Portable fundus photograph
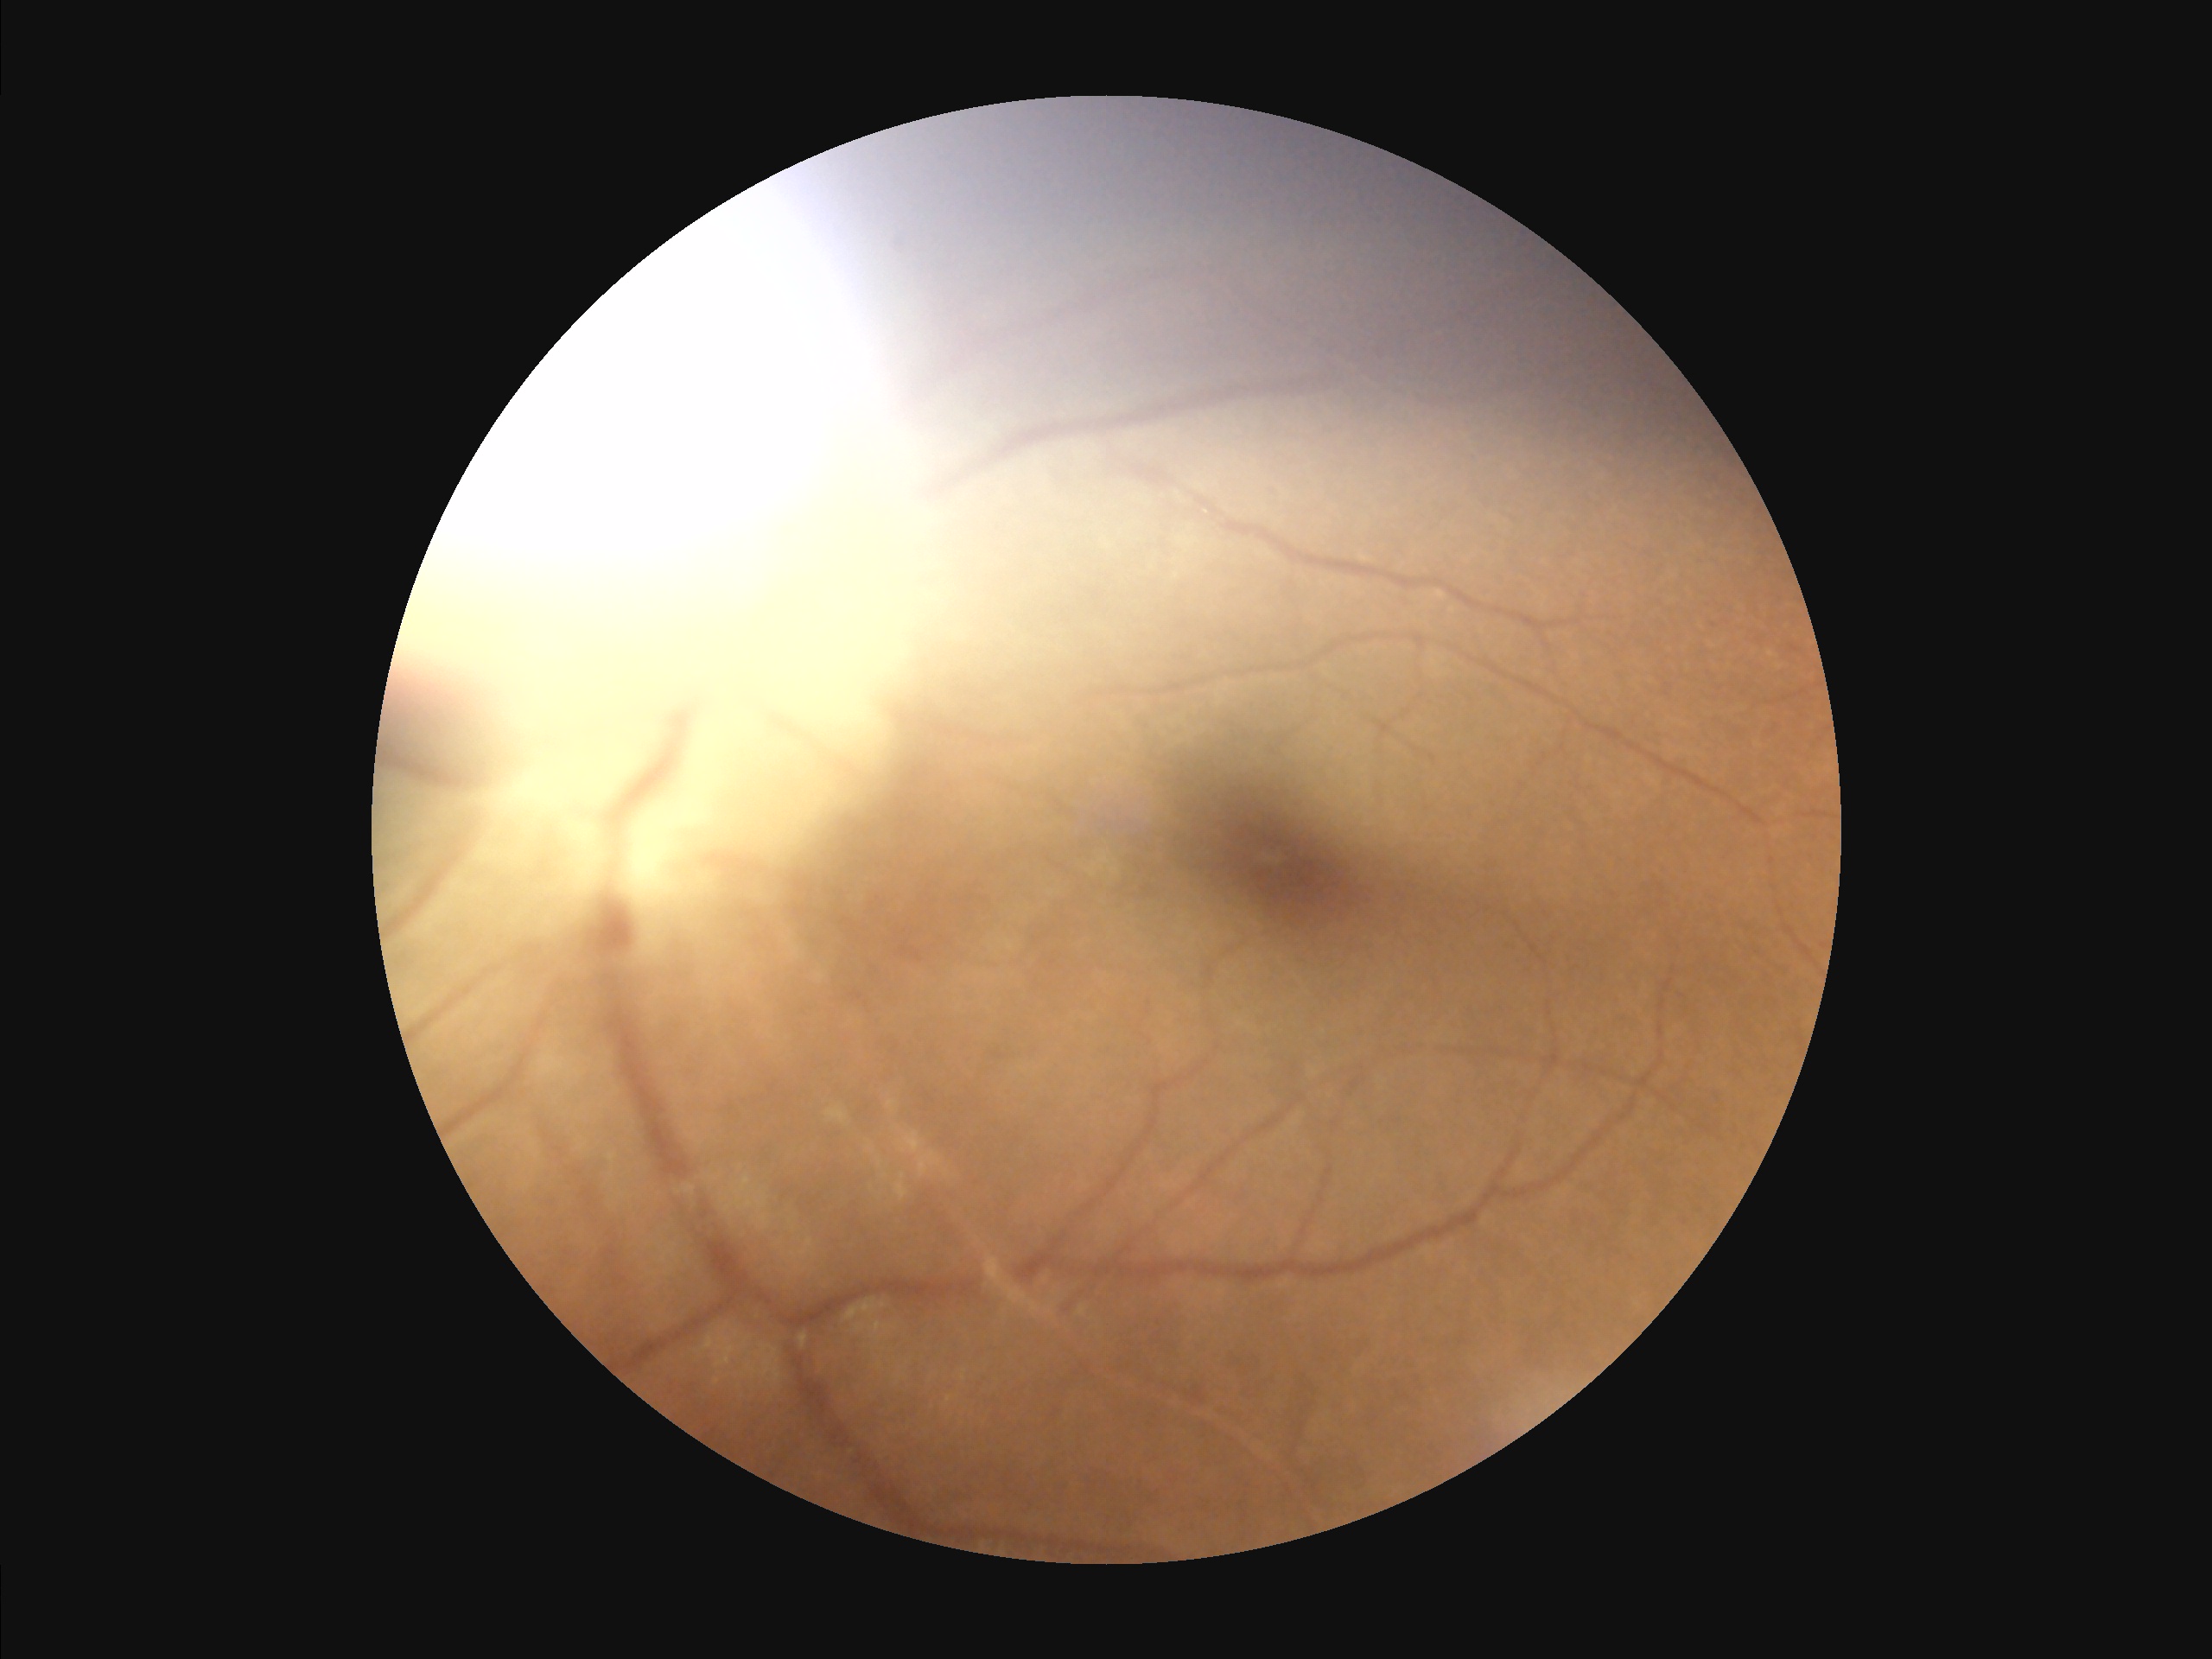   clarity: out of focus, structures indistinct
  illumination: uneven illumination or color cast
  overall_quality: inadequate for clinical interpretation
  contrast: narrow intensity range, structures hard to distinguish

- - - - -

**ACTION ITEM:** When you write out the material above, keep every line exact and drop each picture.

**ANSWER AREA:**
Portable fundus photograph
   clarity: out of focus, structures indistinct
  illumination: uneven illumination or color cast
  overall_quality: inadequate for clinical interpretation
  contrast: narrow intensity range, structures hard to distinguish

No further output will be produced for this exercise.